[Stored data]
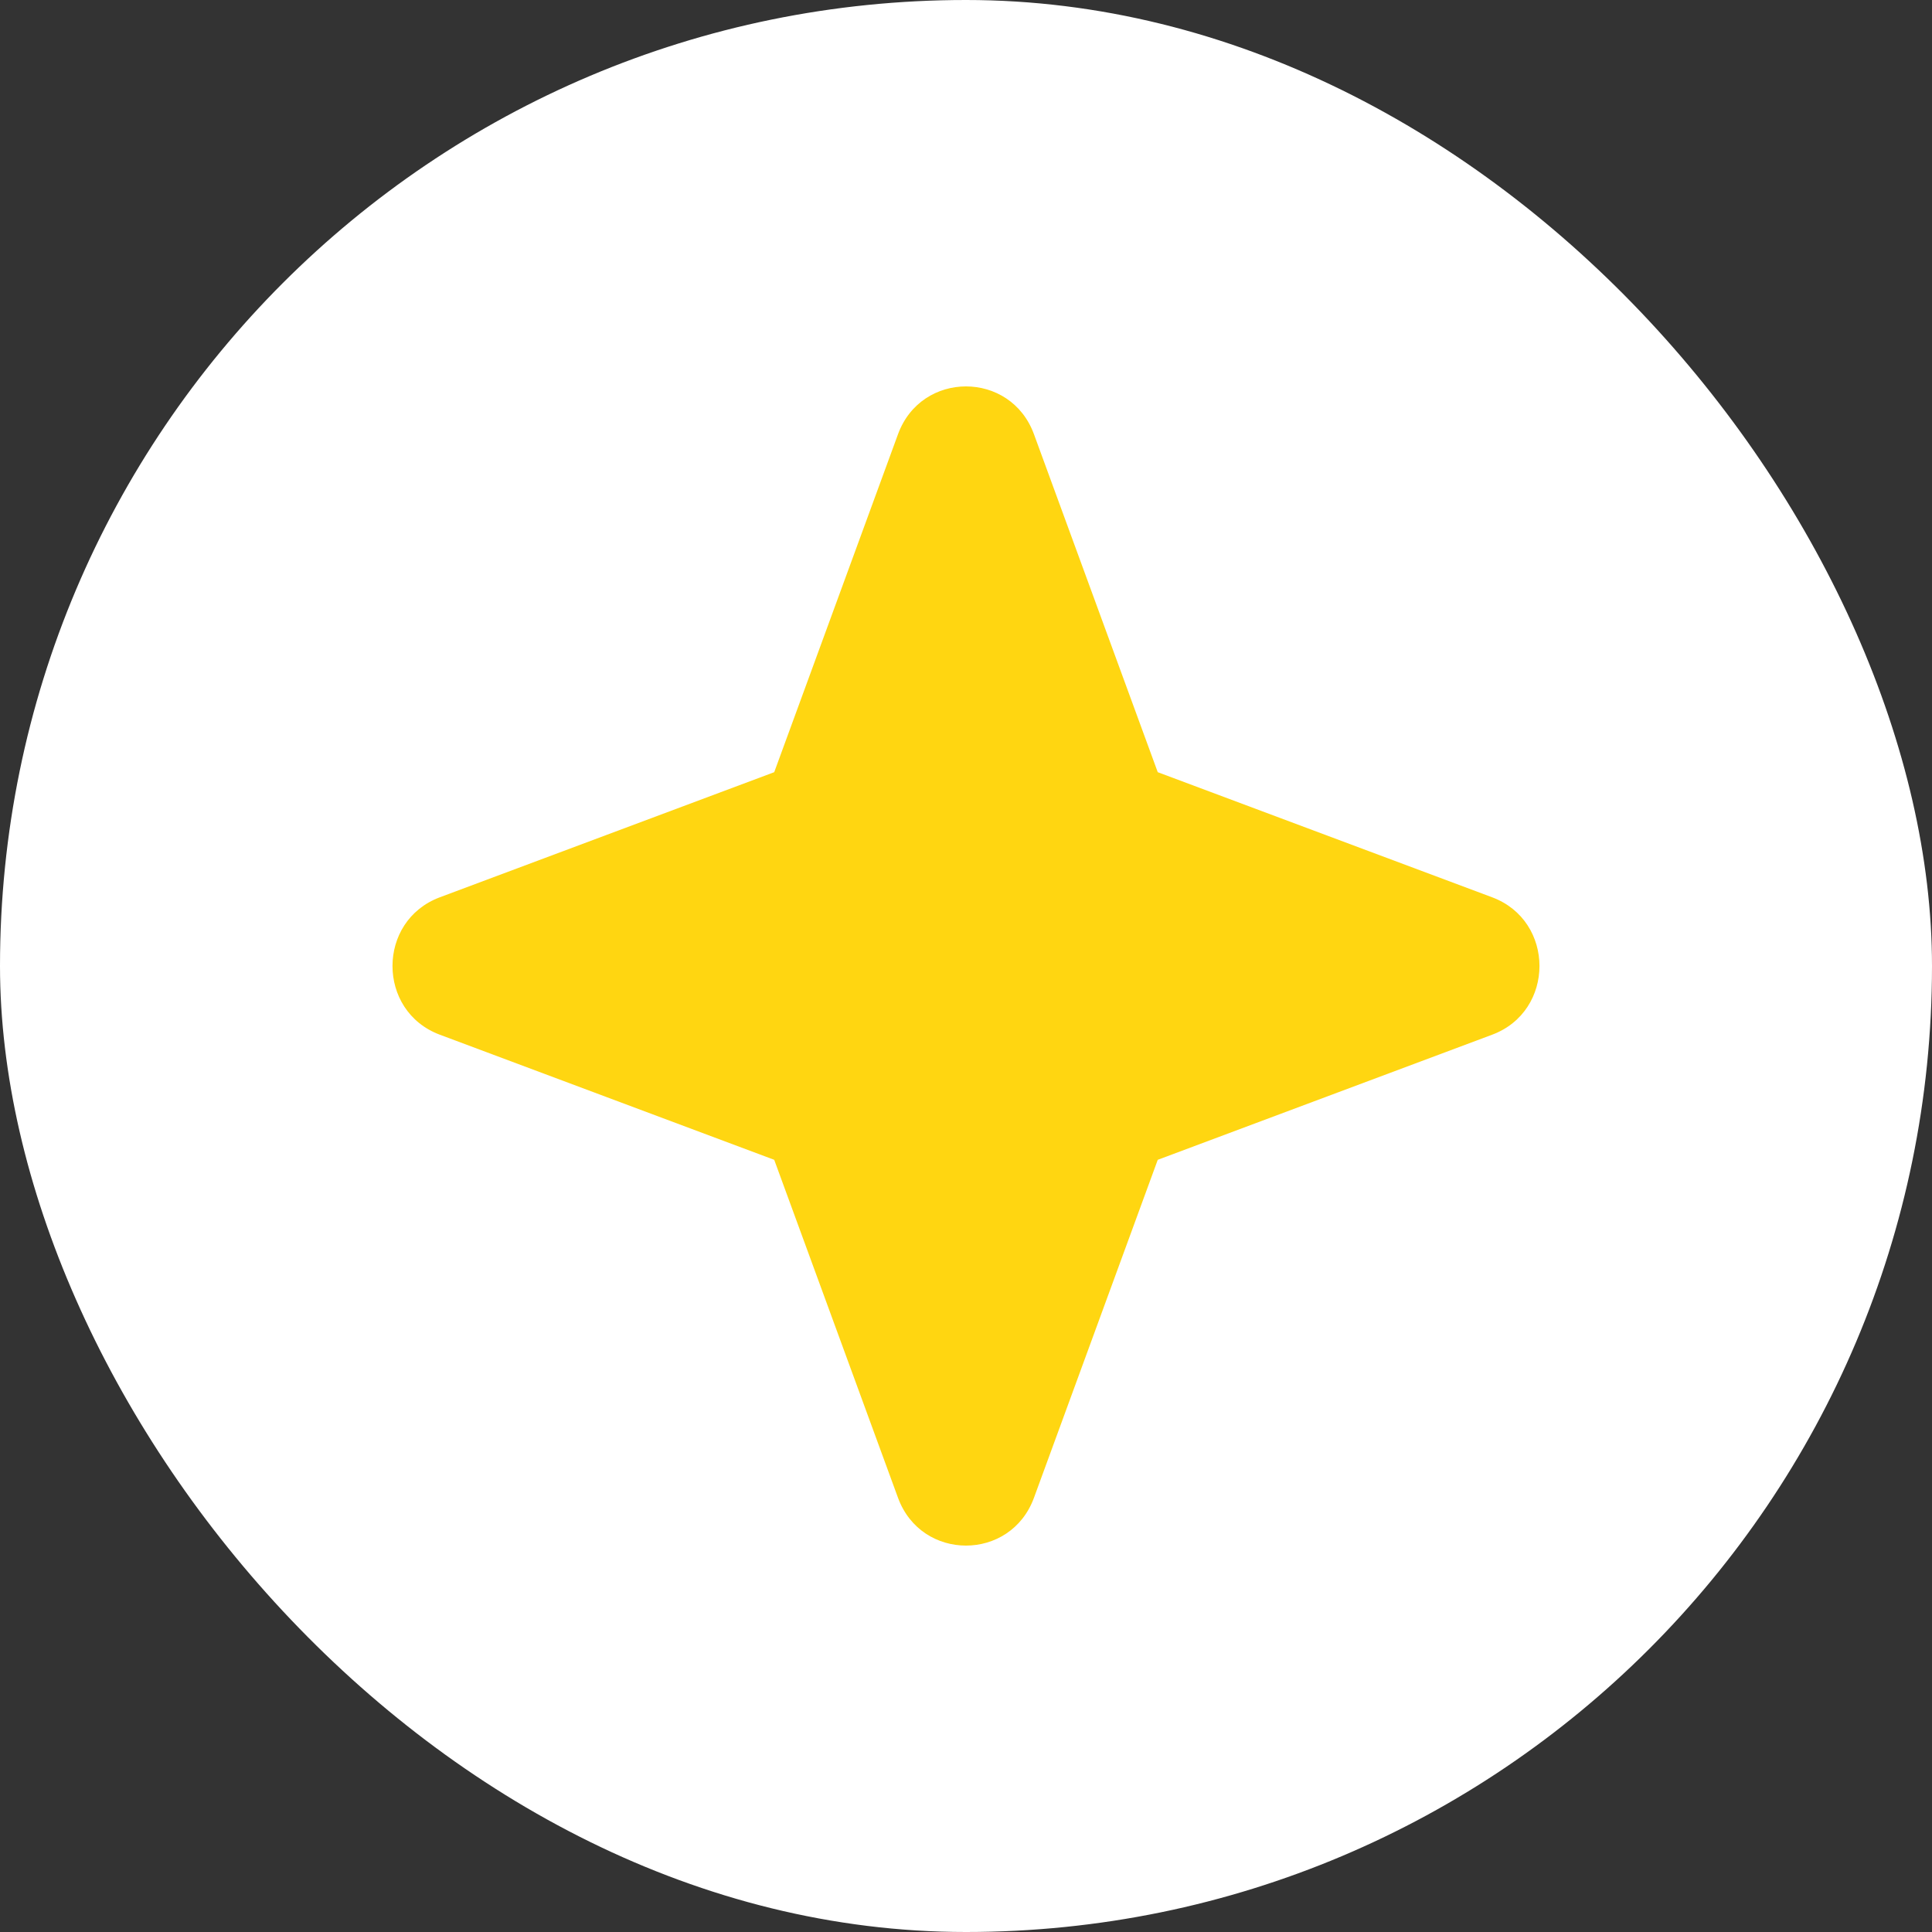<svg width="60" height="60" viewBox="0 0 60 60" fill="none" xmlns="http://www.w3.org/2000/svg">
<rect x="0" y="0" width="60" height="60" fill="#333333" stroke="none"/>
<rect width="60" height="60" rx="30" fill="white"/>
<path d="M32.111 13.486L35.955 23.981L46.339 27.866C48.3 28.598 48.3 31.402 46.339 32.134L35.955 36.019L32.111 46.514C31.387 48.495 28.612 48.495 27.888 46.514L24.044 36.019L13.66 32.134C11.699 31.402 11.699 28.598 13.66 27.866L24.044 23.981L27.888 13.486C28.612 11.505 31.387 11.505 32.111 13.486Z" fill="#FFD611"/>
</svg>
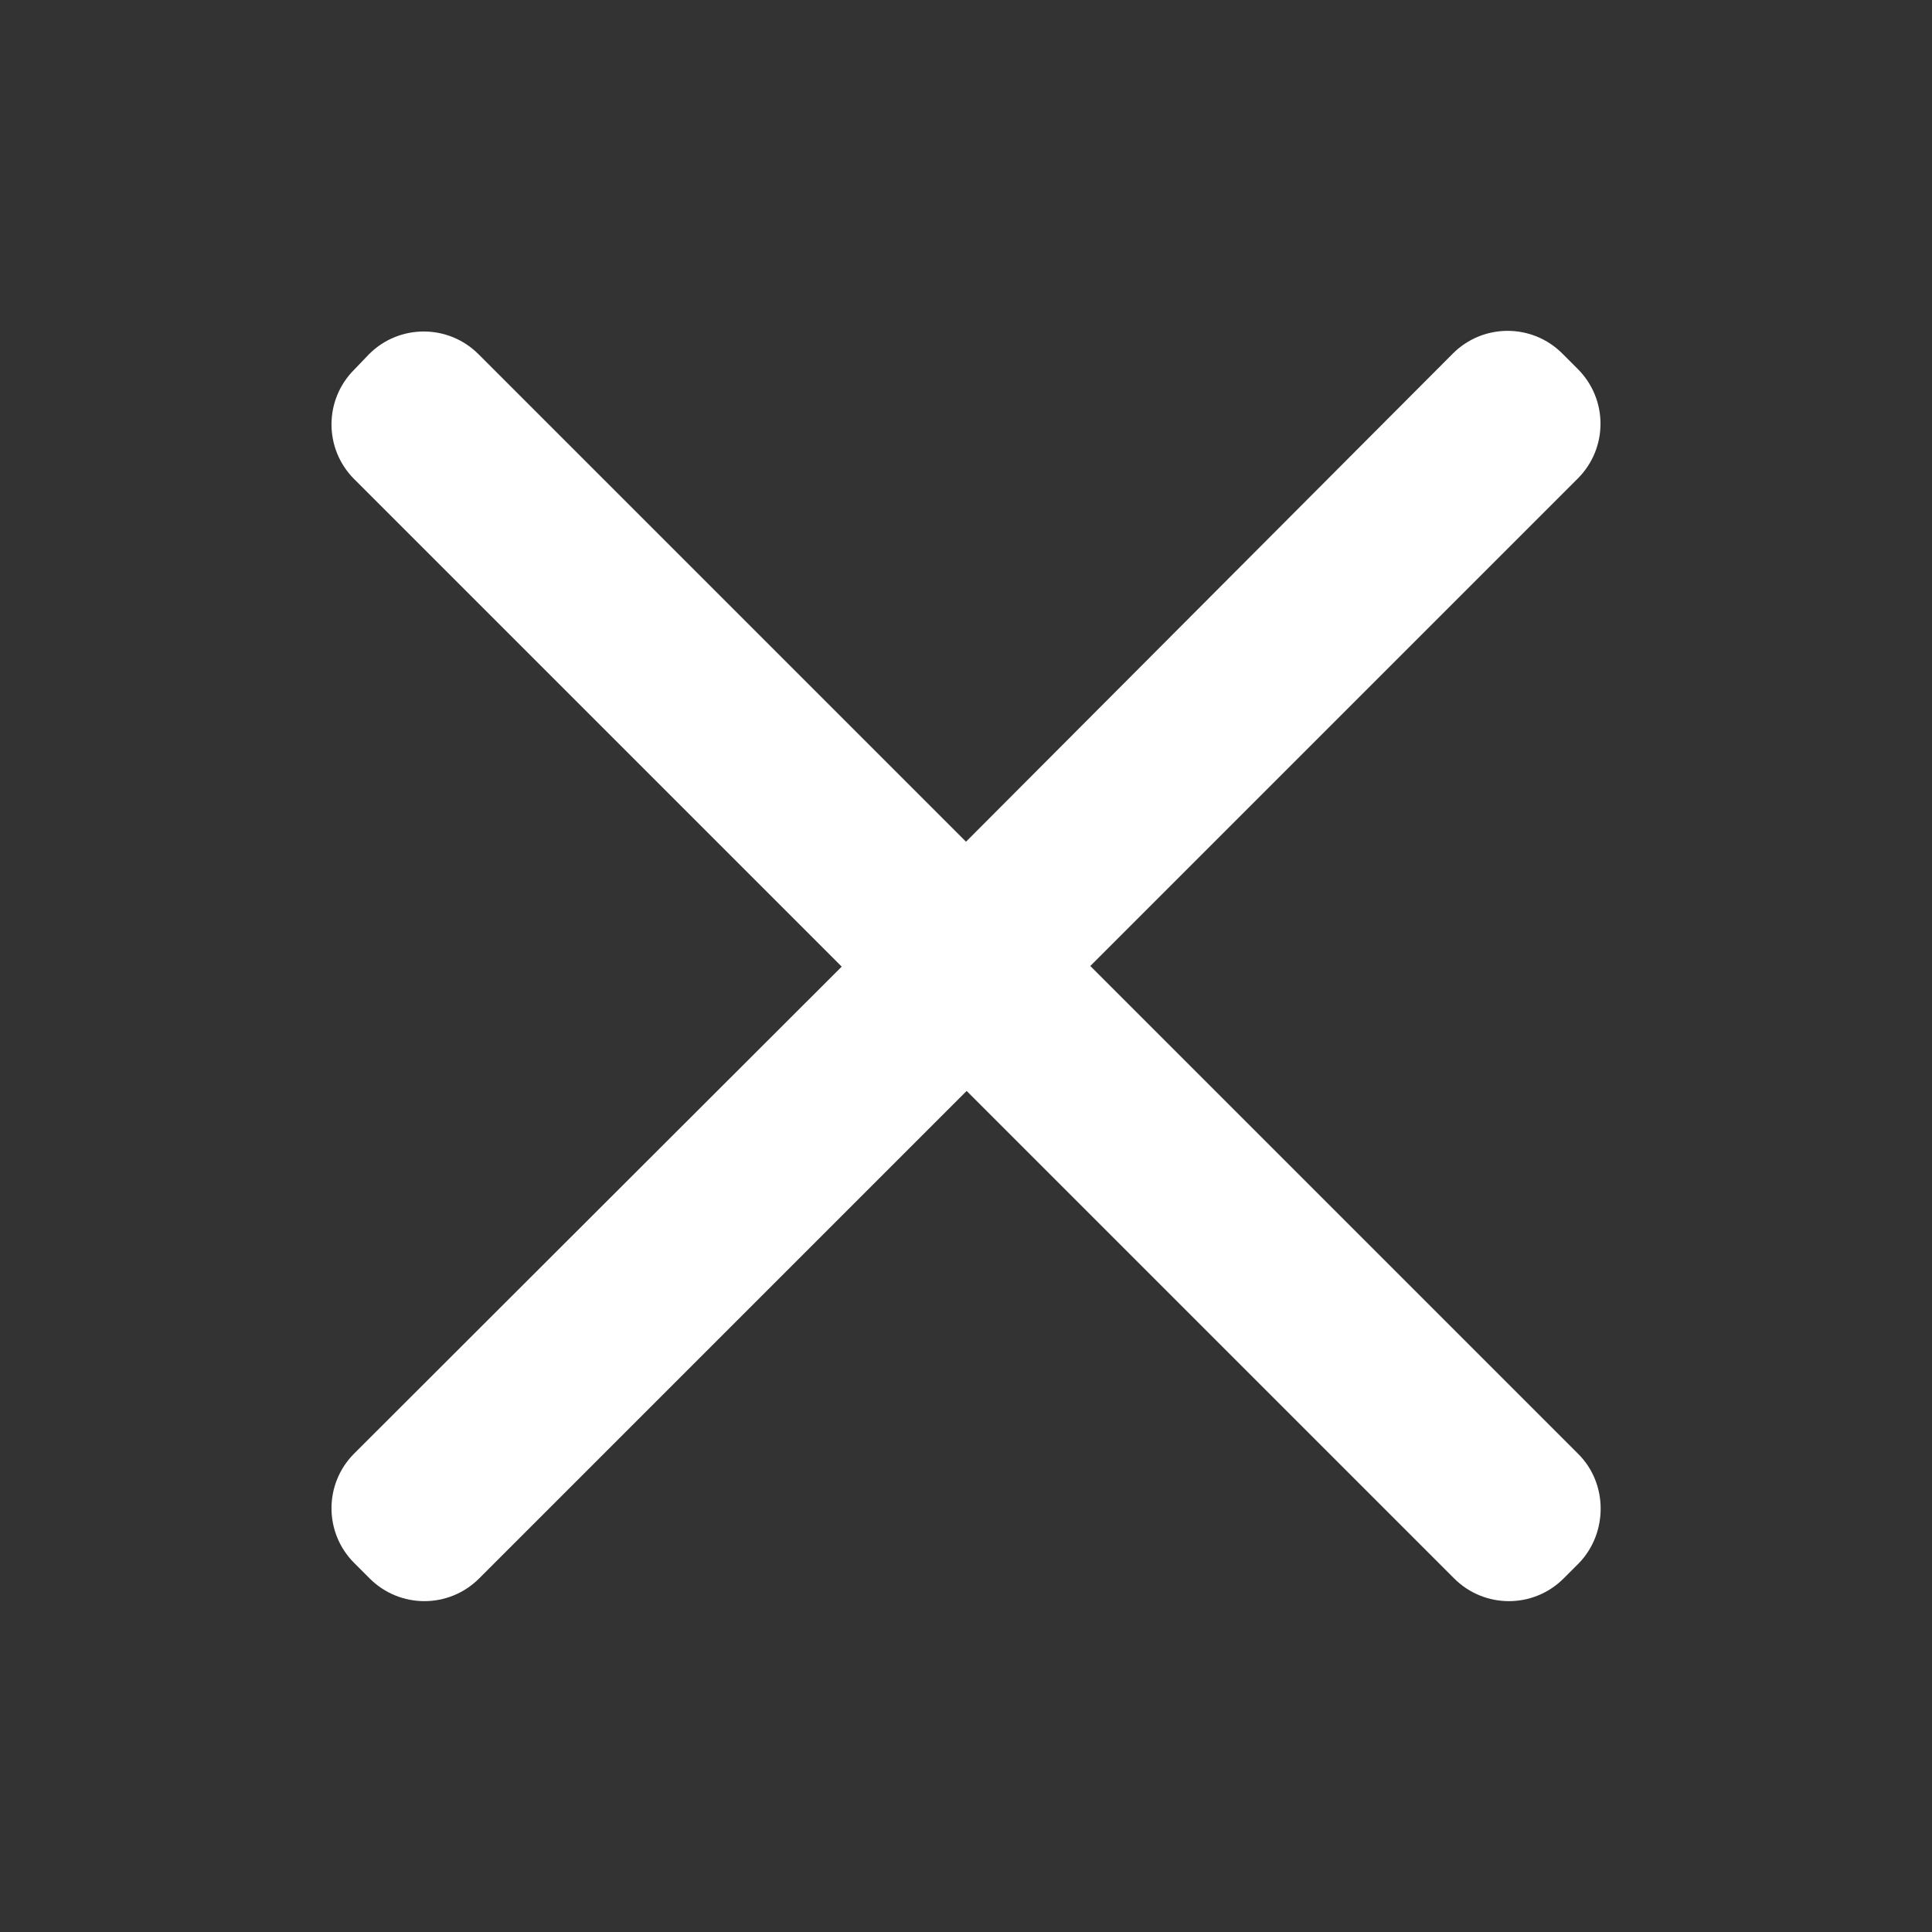 <?xml version="1.0" encoding="utf-8"?>
<!-- Generator: Adobe Illustrator 19.1.1, SVG Export Plug-In . SVG Version: 6.00 Build 0)  -->
<svg version="1.1" id="Layer_1" xmlns="http://www.w3.org/2000/svg" xmlns:xlink="http://www.w3.org/1999/xlink" x="0px" y="0px"
	 viewBox="0 0 300 300" style="enable-background:new 0 0 300 300;" xml:space="preserve">
<rect x="0" y="0" width="300" height="300" fill="#333333" stroke="none"/>
<style type="text/css">
	.st0{fill:#FFFFFF;}
</style>
<path class="st0" d="M245,225.7L169.3,150L245,74.3c4.7-4.7,4.7-12.3,0-17l-2.4-2.4c-4.7-4.7-12.3-4.7-17,0L150,130.7L74.3,55
	c-4.7-4.7-12.3-4.7-17,0L55,57.4c-4.7,4.7-4.7,12.3,0,17l75.7,75.7L55,225.7c-4.7,4.7-4.7,12.3,0,17l2.4,2.4c4.7,4.7,12.3,4.7,17,0
	l75.7-75.7l75.7,75.7c4.7,4.7,12.3,4.7,17,0l2.4-2.4C249.7,238,249.7,230.3,245,225.7z"/>
</svg>

§ **About this exercise**
Repeat the data exactly. Pictures should not appear.

§ **Result of the exercise**
<svg width="60" height="60" viewBox="0 0 60 60" fill="none" xmlns="http://www.w3.org/2000/svg">
<rect x="0" y="0" width="60" height="60" fill="#333333" stroke="none"/>
<rect width="60" height="60" rx="30" fill="white"/>
<path d="M32.111 13.486L35.955 23.981L46.339 27.866C48.3 28.598 48.3 31.402 46.339 32.134L35.955 36.019L32.111 46.514C31.387 48.495 28.612 48.495 27.888 46.514L24.044 36.019L13.66 32.134C11.699 31.402 11.699 28.598 13.66 27.866L24.044 23.981L27.888 13.486C28.612 11.505 31.387 11.505 32.111 13.486Z" fill="#FFD611"/>
</svg>
 <?xml version="1.0" encoding="utf-8"?>
<!-- Generator: Adobe Illustrator 19.1.1, SVG Export Plug-In . SVG Version: 6.00 Build 0)  -->
<svg version="1.1" id="Layer_1" xmlns="http://www.w3.org/2000/svg" xmlns:xlink="http://www.w3.org/1999/xlink" x="0px" y="0px"
	 viewBox="0 0 300 300" style="enable-background:new 0 0 300 300;" xml:space="preserve">
<rect x="0" y="0" width="300" height="300" fill="#333333" stroke="none"/>
<style type="text/css">
	.st0{fill:#FFFFFF;}
</style>
<path class="st0" d="M245,225.7L169.3,150L245,74.3c4.7-4.7,4.7-12.3,0-17l-2.4-2.4c-4.7-4.7-12.3-4.7-17,0L150,130.7L74.3,55
	c-4.7-4.7-12.3-4.7-17,0L55,57.4c-4.7,4.7-4.7,12.3,0,17l75.7,75.7L55,225.7c-4.7,4.7-4.7,12.3,0,17l2.4,2.4c4.7,4.7,12.3,4.7,17,0
	l75.7-75.7l75.7,75.7c4.7,4.7,12.3,4.7,17,0l2.4-2.4C249.7,238,249.7,230.3,245,225.7z"/>
</svg>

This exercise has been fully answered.